The solubility of amorphous silica was determined in the temperature range 8° to 310°C at 1 bar below 100°C and at P sat at higher temperatures. Our results are consistent with previous experiments between 100° and 200°C, but at higher temperatures they indicate lower solubility. Below 100°C our result are lower than the results of some researchers, but in good agreement with others. Our solubility data have been combined with previously reported data to retrieve a temperature equation describing amorphous silica solubility. Quartz solubility data have also been assessed. The solubility equations for the reaction SiO 2,s + 2H 2O = H 4SiO ° 4 are: logK am.silica = −8.476− 485.24× T −1 − 2.268× 10 −6 × T 2 + 3.068× logT logK quartz = −34.188+ 197.47× T −1 − 5.851× 10 −6 × T 2 + 12.245× logT where T is in K. They are valid in the temperature range 0° to 350°C at 1 bar below 100°C and at P sat at higher temperatures. From the quartz solubility equation and the thermodynamic properties of quartz and liquid water, the standard partial molal Gibbs energy of formation and the third law entropy of H 4SiO ° 4 were calculated as −1,309,181 J/mole and 178.85 J/mole/K at 25°C. The difference in the standard apparent Gibbs energy of H 4SiO ° 4 as calculated from quartz solubility, on one hand, and amorphous silica solubility, on the other, is about the same over the temperature range 0° to 350°C indicating that the solubility temperature equations obtained for the two solids in this study are internally consistent.

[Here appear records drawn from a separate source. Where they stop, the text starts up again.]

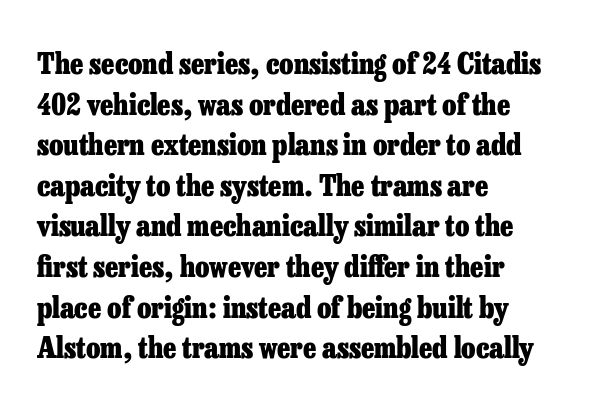
Summary of vertical rhythm: regular, with standard interline spacing. Compared with typical body copy, the letter spacing here is the same. The typography opts for an upright posture over an oblique one. Looks like regular typesetting: each glyph gets only the width it needs.
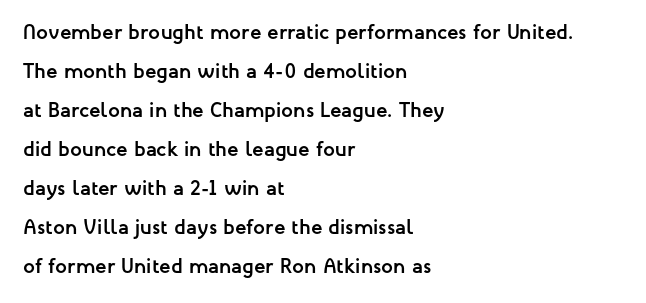
{"italic": "no", "bold": "yes", "underline": "no", "align": "left", "line_spacing_ratio": 1.86, "letter_spacing": "normal", "letter_spacing_em": 0.0, "glyph_px": 21}
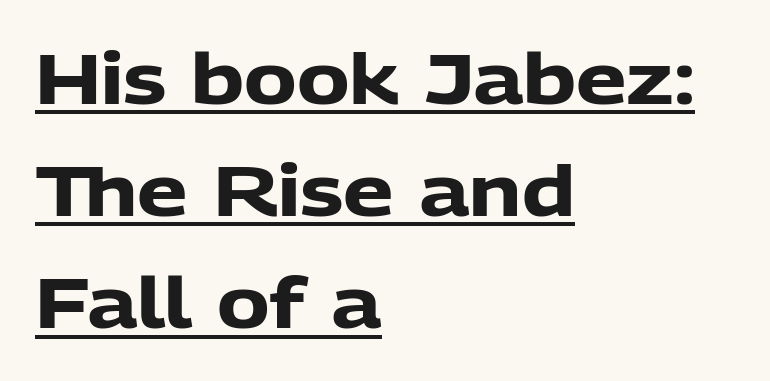
The image shows 71 px heavy sans-serif type, upright; set left-aligned, normal line spacing (1.58x), normal letter spacing, underlined; low stroke contrast and a medium x-height.
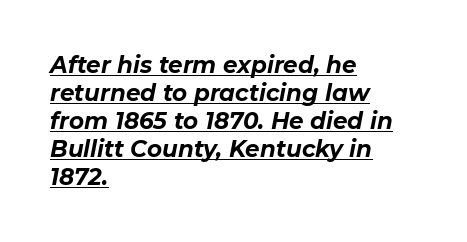
{"italic": "yes", "lean": "right", "slant_degrees": 11, "bold": "yes", "underline": "yes", "align": "left", "line_spacing_ratio": 1.22, "letter_spacing": "normal", "letter_spacing_em": 0.0, "glyph_px": 23}
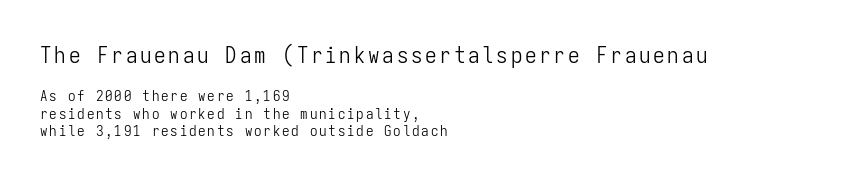
Q: Is the text bold? A: No.
Q: Is the text italic (slanted)? A: No, it is upright.
Q: Is the text underlined? A: No.
Q: How is the paragraph aligned? A: Left-aligned.
Q: Which block of text is set in a larger size, the first (top) or the second (bottom)? A: The first (top) one.
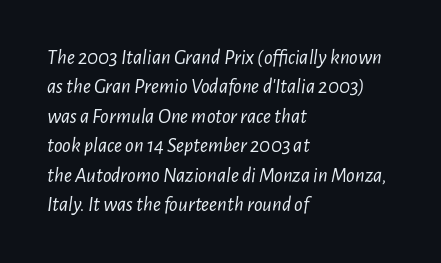
The image shows 21 px text type, italic (leaning right); set left-aligned, normal line spacing (1.4x), normal letter spacing, not underlined.
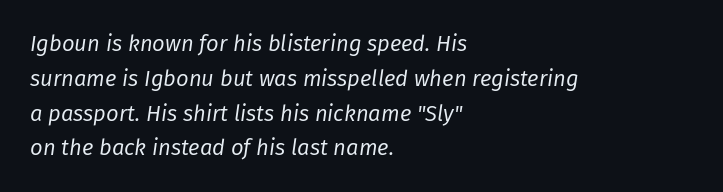
Q: Is the text bold? A: No.
Q: Is the text italic (slanted)? A: Yes, it leans right by about 8 degrees.
Q: Is the text underlined? A: No.
Q: How is the paragraph aligned? A: Left-aligned.
Q: Is the spacing between letters normal or unusually wide? A: Normal.
Q: Is the spacing between lines tight, normal or loose? A: Normal.
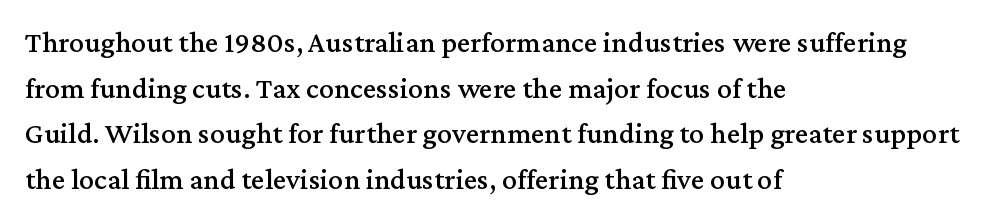
Q: Is the text italic (slanted)? A: No, it is upright.
Q: Is the typeface a serif or a sans-serif typeface? A: Serif.
Q: Is the text underlined? A: No.
Q: How is the paragraph aligned? A: Left-aligned.
Q: Is the spacing between letters normal or unusually wide? A: Normal.
Q: Is the spacing between lines tight, normal or loose? A: Normal.
Q: Width (condensed, normal, or wide)? A: Normal.
Q: Stroke contrast? A: Medium.
Q: x-height? A: Medium.
Q: Monospaced? A: No.
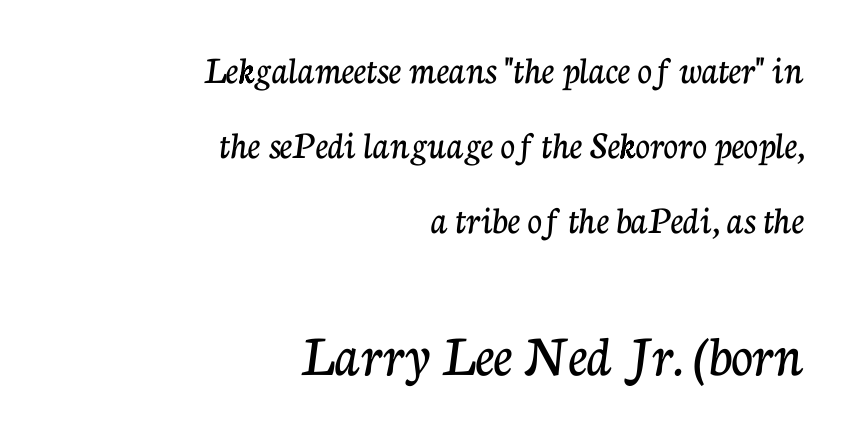
Q: Is the text italic (slanted)? A: Yes.
Q: Is the typeface a serif or a sans-serif typeface? A: Serif.
Q: Is the text underlined? A: No.
Q: How is the paragraph aligned? A: Right-aligned.
Q: Is the spacing between letters normal or unusually wide? A: Normal.
Q: Which block of text is set in a larger size, the first (top) or the second (bottom)? A: The second (bottom) one.
Q: Width (condensed, normal, or wide)? A: Normal.
Q: Stroke contrast? A: Low.
Q: x-height? A: Medium.
Q: Monospaced? A: No.
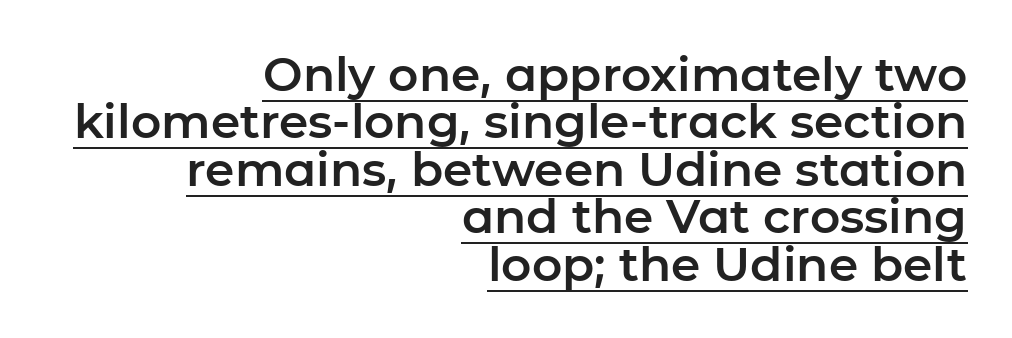
A typesetter would label this face a sans. A typographer would call this underscored text. Honestly, the letter spacing is just normal — you wouldn't notice it. Where is the straight margin? On the right. A typesetter would call this leading minimal, almost set solid. Spacing verdict: proportional, widths tailored to each character.
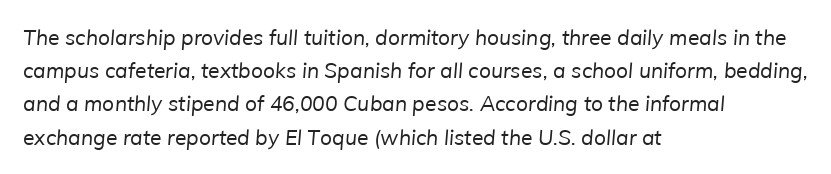
Words appear dense and cohesive because spacing is normal. Ink coverage per letter is moderate at most. A bare baseline throughout the passage. One-word summary of the alignment: left. Baseline-to-baseline distance is the conventional proportion of letter height.
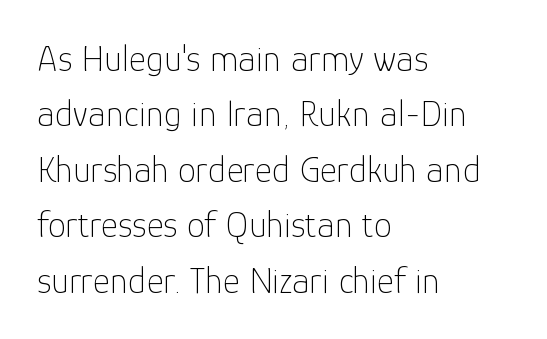
Honestly, the letter spacing is just normal — you wouldn't notice it. Any mark beneath the type? The region is blank. Notice how the stems are strictly vertical — no italics here. Here the designer chose a conventional face with non-uniform glyph widths. A typesetter would call this leading conventional body-copy spacing.
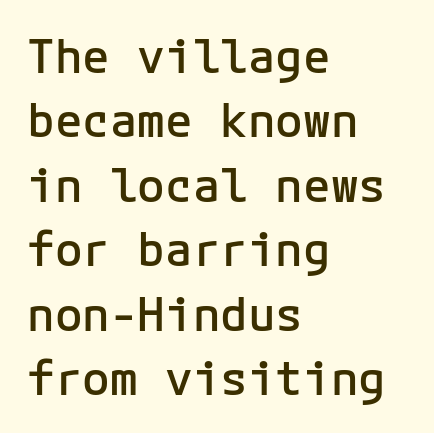
Q: Is the text bold? A: Semi-bold.
Q: Is the text italic (slanted)? A: No, it is upright.
Q: Is the typeface a serif or a sans-serif typeface? A: Sans-serif.
Q: Is the text underlined? A: No.
Q: How is the paragraph aligned? A: Left-aligned.
Q: Is the spacing between letters normal or unusually wide? A: Normal.
Q: Is the spacing between lines tight, normal or loose? A: Normal.
Q: Width (condensed, normal, or wide)? A: Normal.
Q: Stroke contrast? A: Low.
Q: x-height? A: Medium.
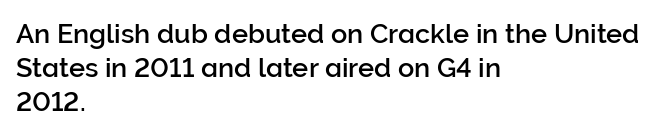
The image shows 27 px text type, upright; set left-aligned, normal line spacing (1.26x), normal letter spacing, not underlined.
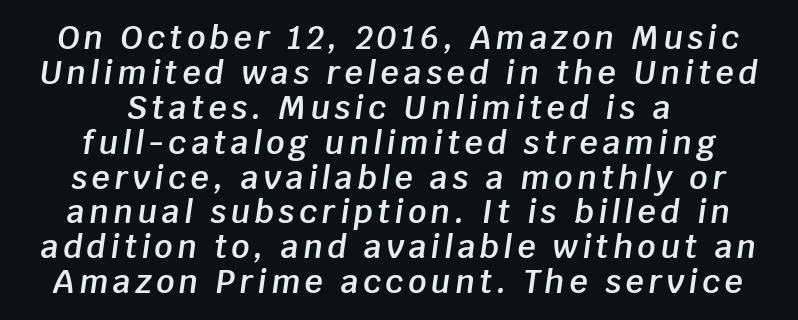
The image shows 32 px semibold type, italic (leaning right); set centered, tight line spacing (1.09x), not underlined; low stroke contrast and a large x-height.
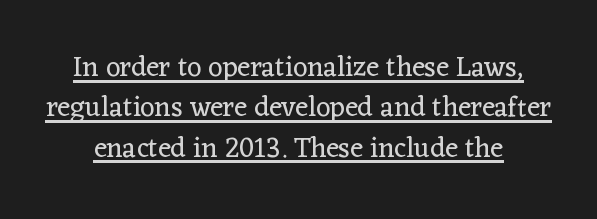
The image shows 28 px regular-weight serif type, upright; set normal line spacing (1.44x), normal letter spacing, underlined; low stroke contrast and a medium x-height.
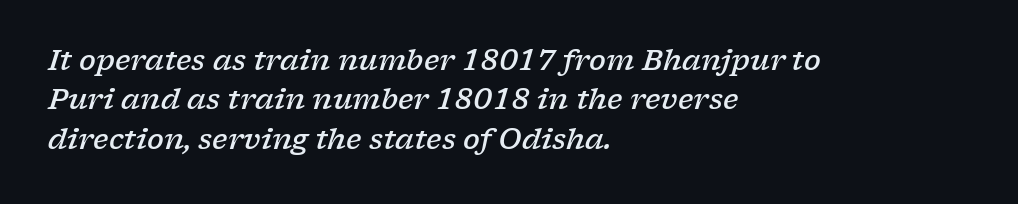
The image shows 28 px semibold, wide serif type, italic (leaning right); set left-aligned, normal line spacing (1.41x), normal letter spacing, not underlined; low stroke contrast and a medium x-height.
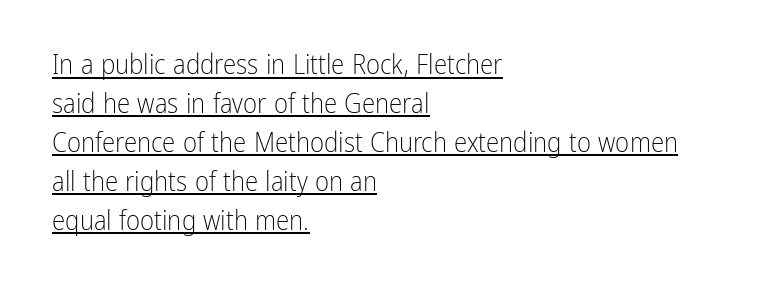
The image shows 27 px text type, upright; set left-aligned, normal line spacing (1.44x), normal letter spacing, underlined.
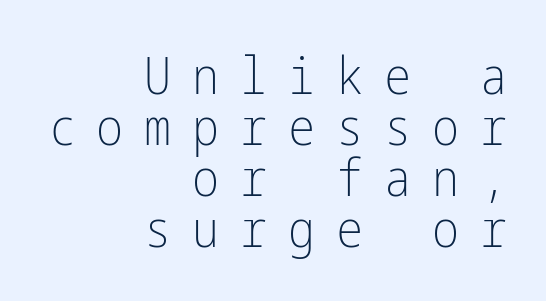
Stroke thickness stays within the range of a standard reading face or lighter. Leading: reduced. The text was rendered using a sans face with plain stroke endings. In CSS terms this would be text-align: right. Quick note: not italic, upright. The specimen omits any rule beneath the text block's lines.
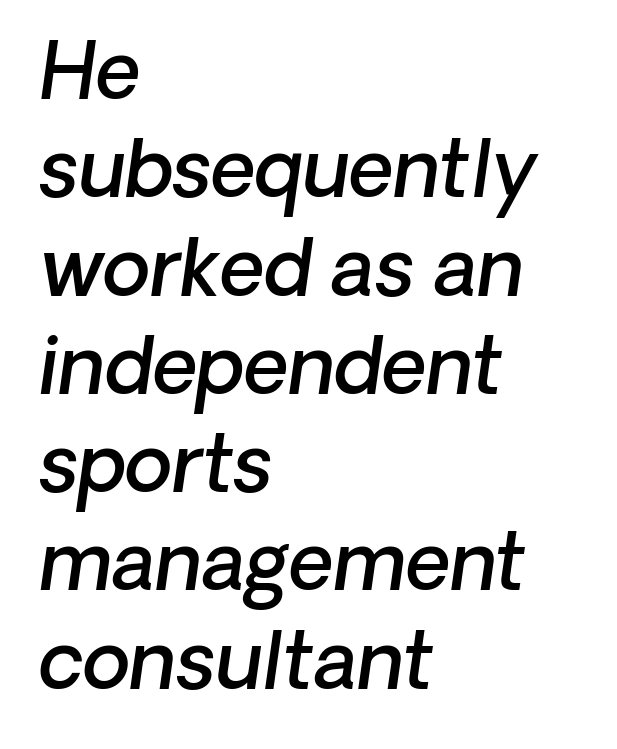
The passage shown is semibold, sitting just below true bold. Teacher's note: observe the even left margin — that is flush-left alignment. The passage shown is typed in a proportional face where columns would drift. The designer left line spacing at the default. I'd call this a sans setting — the letters go barefoot. The letterforms sit shoulder to shoulder at normal distance.
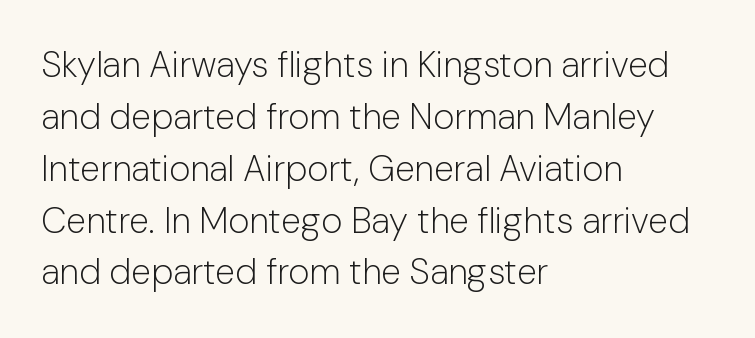
{"serif": "no", "italic": "no", "bold": "no", "weight": "light", "width": "normal", "stroke_contrast": "low", "x_height": "medium", "monospaced": "no", "underline": "no", "align": "left", "line_spacing": "normal", "line_spacing_ratio": 1.44, "letter_spacing": "normal", "letter_spacing_em": 0.0, "glyph_px": 36}
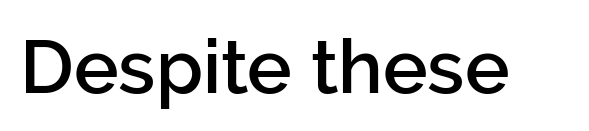
Characters follow at the spacing the type designer built in. Nobody drew a line under any word here. You can tell it's not italic because the verticals are truly vertical. The face used here is proportionally spaced, like ordinary book or web type. The designer went with a sans here, leaving each stem footless.

This indicates that the quartz solubility data of Rimstidt (1997), which were used in this study to retrieve the quartz solubility equation, are valid and also our data on ΔḠ ° f and S̄° for H 4SiO ° 4 at 25°C and 1 bar as well as the ΔḠ° temperature equation presented for this species. These new Gibbs energy values for H 4SiO ° 4 indicate that all silicate minerals are considerably more soluble under Earth’s surface conditions than generally accepted to date, or by about 0.6 log K units at 0°C per silicon atom in the unit formula.